*** DATA FOR ANALYSIS Section Begins ***

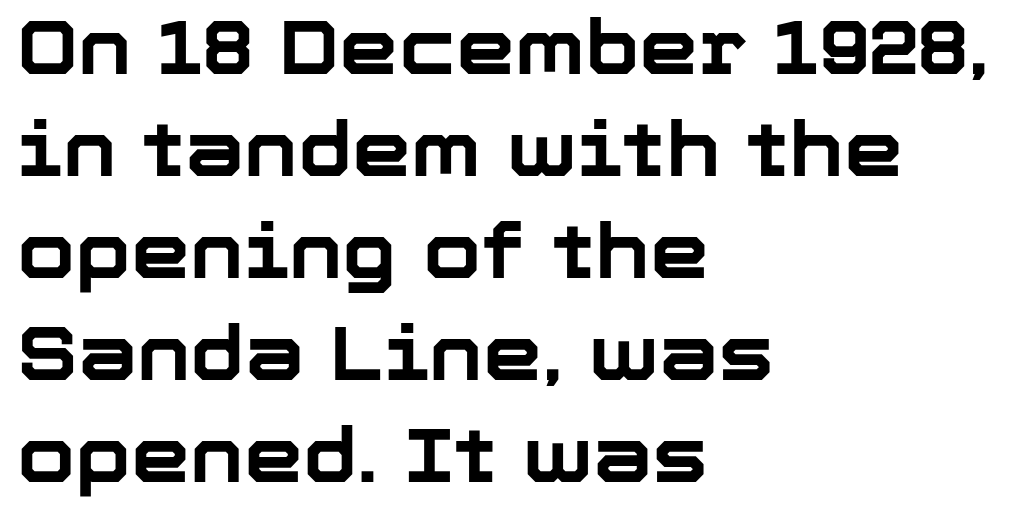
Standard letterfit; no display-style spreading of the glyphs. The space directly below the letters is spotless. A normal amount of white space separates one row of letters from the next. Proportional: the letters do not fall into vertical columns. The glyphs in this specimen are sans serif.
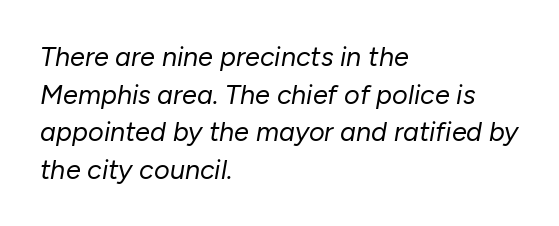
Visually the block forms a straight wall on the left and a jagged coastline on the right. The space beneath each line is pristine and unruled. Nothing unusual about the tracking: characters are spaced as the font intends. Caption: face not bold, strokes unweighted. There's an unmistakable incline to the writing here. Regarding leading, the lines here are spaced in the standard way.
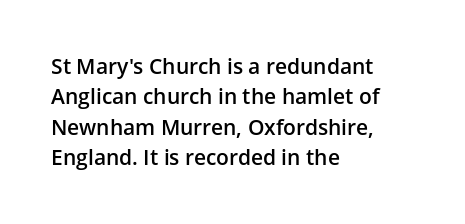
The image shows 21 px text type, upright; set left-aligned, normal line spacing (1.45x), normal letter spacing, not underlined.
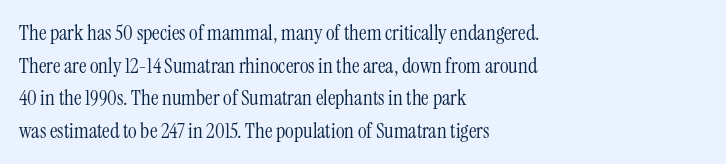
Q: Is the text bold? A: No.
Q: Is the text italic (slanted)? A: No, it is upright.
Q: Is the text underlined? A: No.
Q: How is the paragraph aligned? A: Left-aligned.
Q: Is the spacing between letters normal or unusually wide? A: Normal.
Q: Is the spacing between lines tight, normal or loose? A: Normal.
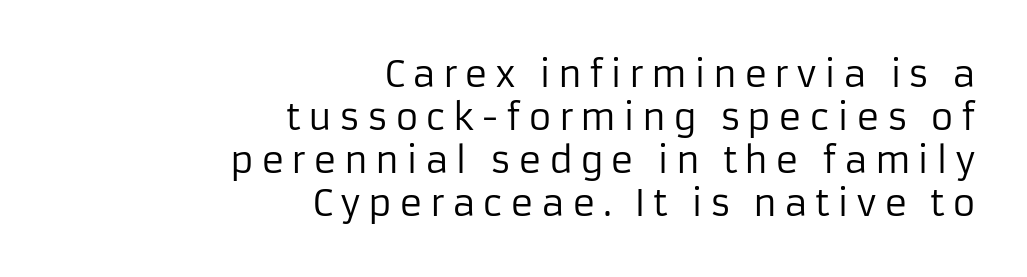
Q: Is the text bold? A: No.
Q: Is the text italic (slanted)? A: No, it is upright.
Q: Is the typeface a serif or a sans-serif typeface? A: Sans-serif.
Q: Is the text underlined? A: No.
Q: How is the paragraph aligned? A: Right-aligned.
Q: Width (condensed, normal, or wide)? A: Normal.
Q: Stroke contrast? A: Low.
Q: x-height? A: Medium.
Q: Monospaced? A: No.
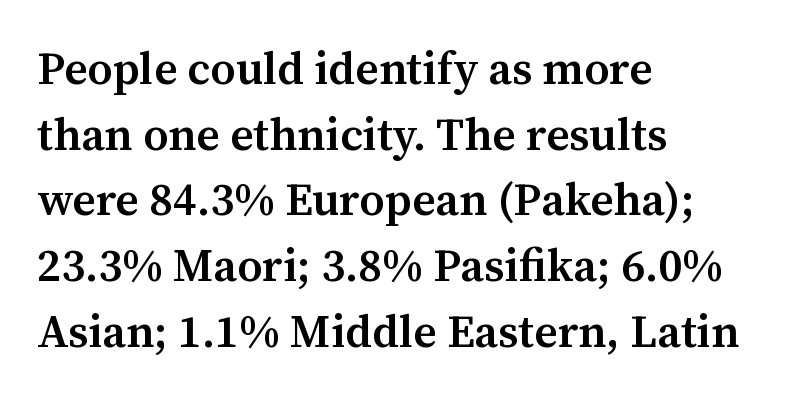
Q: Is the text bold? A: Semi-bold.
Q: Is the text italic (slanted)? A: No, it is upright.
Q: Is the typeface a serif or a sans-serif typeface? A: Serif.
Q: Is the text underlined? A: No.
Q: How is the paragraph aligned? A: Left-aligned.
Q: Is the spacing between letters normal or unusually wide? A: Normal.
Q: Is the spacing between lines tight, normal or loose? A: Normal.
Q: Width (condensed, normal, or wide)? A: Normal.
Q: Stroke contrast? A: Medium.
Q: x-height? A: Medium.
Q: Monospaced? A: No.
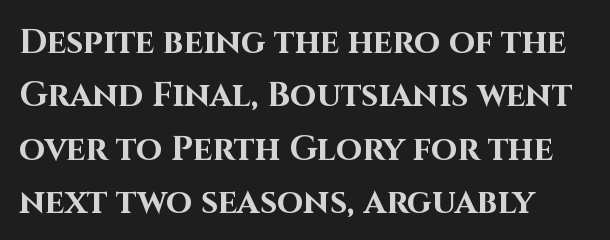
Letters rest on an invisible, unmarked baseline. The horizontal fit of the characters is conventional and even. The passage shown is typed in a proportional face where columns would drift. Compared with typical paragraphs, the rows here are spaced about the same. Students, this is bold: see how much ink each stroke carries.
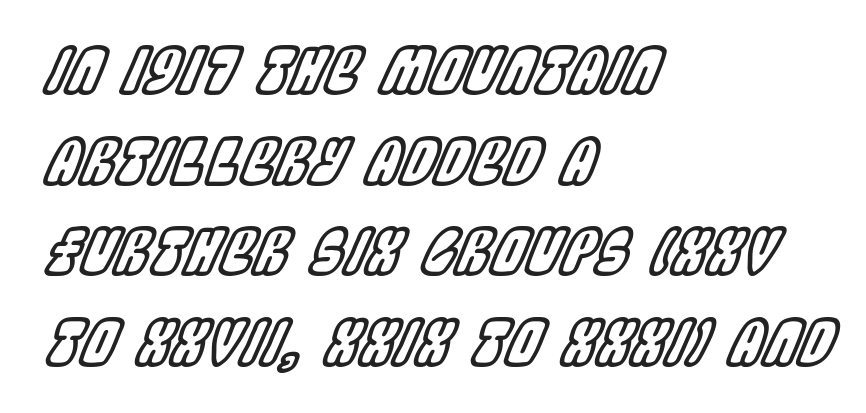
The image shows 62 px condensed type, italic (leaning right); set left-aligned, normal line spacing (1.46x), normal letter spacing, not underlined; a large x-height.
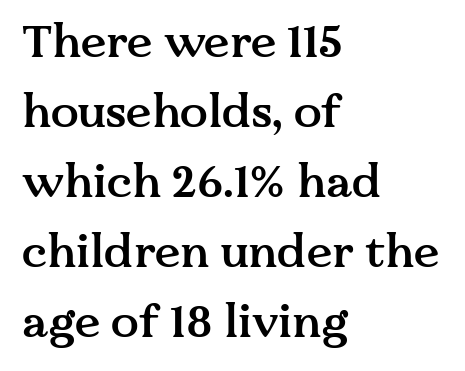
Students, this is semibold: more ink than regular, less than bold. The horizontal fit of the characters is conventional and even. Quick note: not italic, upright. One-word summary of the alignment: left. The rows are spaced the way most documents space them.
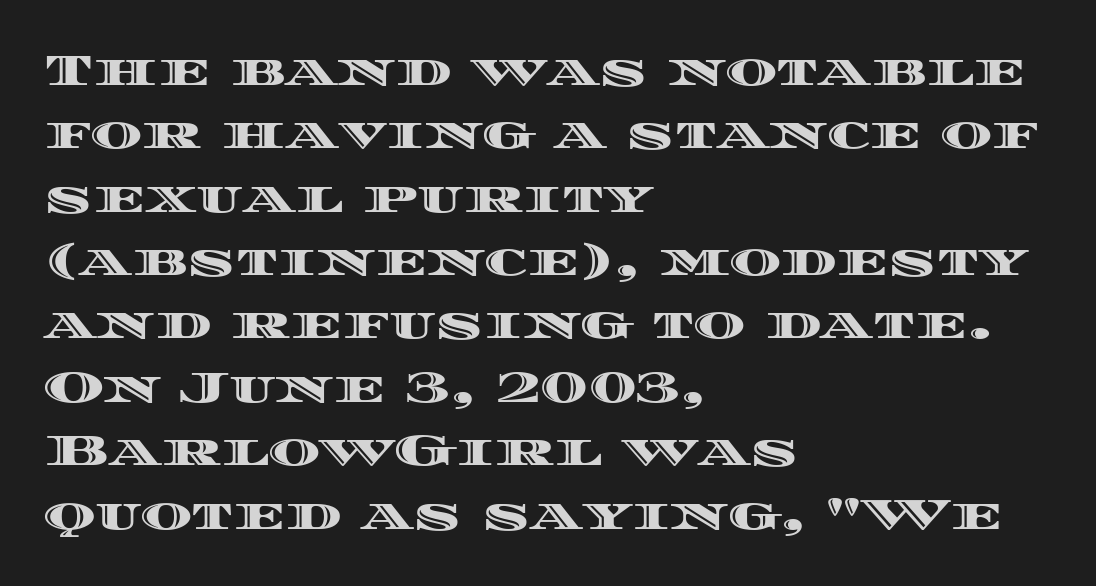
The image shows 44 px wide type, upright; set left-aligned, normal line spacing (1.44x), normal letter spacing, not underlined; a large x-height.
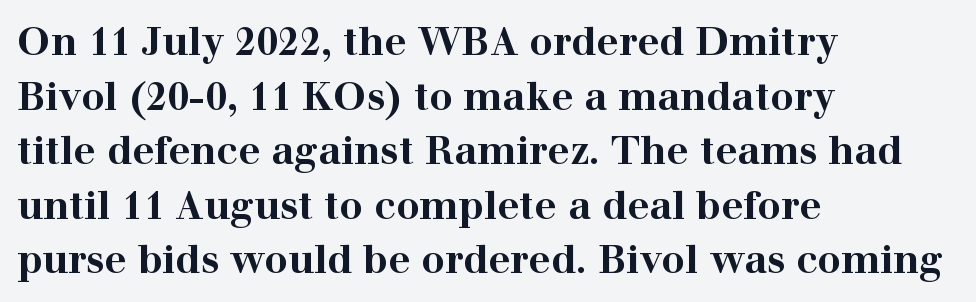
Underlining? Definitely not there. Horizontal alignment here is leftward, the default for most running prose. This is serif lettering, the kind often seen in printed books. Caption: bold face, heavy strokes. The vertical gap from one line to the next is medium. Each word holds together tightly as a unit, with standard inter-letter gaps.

*** DATA FOR ANALYSIS Section Ends ***

TRY IT → Show the lines of the listing above with "image".

ANSWER FOR THIS EXERCISE →
The image shows 21 px text type, upright; set left-aligned, normal line spacing (1.45x), normal letter spacing, not underlined.
The image shows 62 px condensed type, italic (leaning right); set left-aligned, normal line spacing (1.46x), normal letter spacing, not underlined; a large x-height.
The image shows 44 px wide type, upright; set left-aligned, normal line spacing (1.44x), normal letter spacing, not underlined; a large x-height.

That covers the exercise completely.